Both characters in those films seem to accept, however, this is as much as they deserve, consciously choosing before the end the women who will destroy them.
What’s interesting about Cooper’s Stan in Nightmare Alley is he never quite chooses anything in his personal life, even as he climbs and climbs as the ostensible self-made American. As a grifter, he’s incorrigible. As a man of his own making, he never actually decides to pursue Rooney Mara’s Molly—he’s forced to by the threat of violence. Just as he never chooses to end it with Molly; she quits him due to his lies and deceit.
Similarly, he seems more drawn like a moth than a lech when he approaches Cate Blanchett’s decadent femme fatale psychologist, Lilith Ritter. He practically drifts into her office and cannot help but lie back on her couch, succumbing to her obviously destructive wiles. He doesn’t even agree to her pouring his first glass of bourbon—Lilith puts it in front of him and stands idly by, waiting for him to take the sip.
In this way, she is perhaps one of the most overt femme fatales, again expressing the abject fatalism at the heart of noir stories. She is introduced trying to humiliate and ruin his wildly successful grift midway through the movie, and gives no hint or pretext of sincere concern for Stan, be it of a romantic or lurid nature. But he cannot resist being around her anymore than he can resist murdering Ezra Grindle at the end when the opportunity presents itself.
The popularity of noir stories largely came out of the Second World War. Although the noir movements of the page and screen began before that global conflict, the reason academics insist noir is an era and not a genre is because its influence on the culture coincided with the return of American G.I.s suffering from demons and trauma during a post-war moment where things were supposed to be as rosy as a Gene Kelly musical. Even the term “noir” came later, to retroactively define the cynicism, despair, and ultimately happy self-annihilation that seethes beneath the surface of these old movies. They were a response to the new gilded American dream, except instead of suggesting you could pull yourself up by your bootstraps, they prophesied you’d sink beneath those bootstraps and into an irresistible abyss.

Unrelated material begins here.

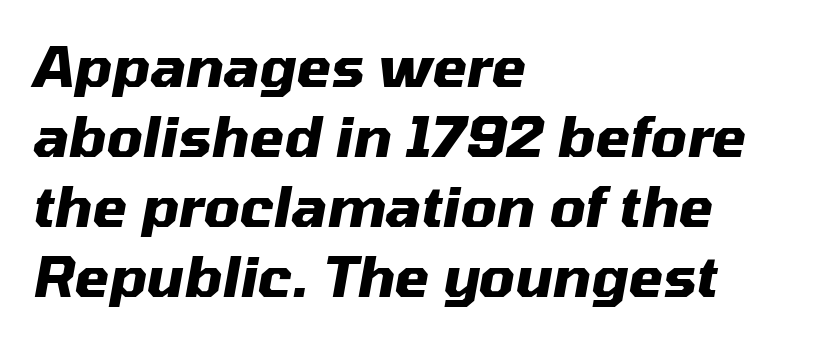
The image shows 56 px heavy type, italic (leaning right); set left-aligned, normal line spacing (1.25x), normal letter spacing, not underlined; medium stroke contrast and a medium x-height.

Del Toro returned to one such film from that era which, due to the expectations of a resistant studio and ‘40s censors, actually betrayed and soft-pedaled Stan’s deserved fate. But 2021’s Nightmare Alley elevates that darkness, right down to its final brilliant line.
In the book, the closing line is “Of course it’s only temporary—just until we get a real geek.” But perhaps for the less blackhearted, there is some ambiguity, a hope for Stan having the wherewithal to resist and rebuild himself. Pull himself up by those bootstraps. However, there’s no ambiguity for Cooper’s Stan.
Upon being offered the chance to become a geek, and drink deeply from the well of his own demise, the Great Stanton laughs so hard that he begins to weep. “I was born for it,” he sobs before cackling again. The encompassing, inescapable despair emanating off Cooper is one of the finest moments in his career. Whether by birth or breeding, destiny or a pathological need to destroy himself, Stan was doomed to be the man in the tent. It’s noir in a nutshell.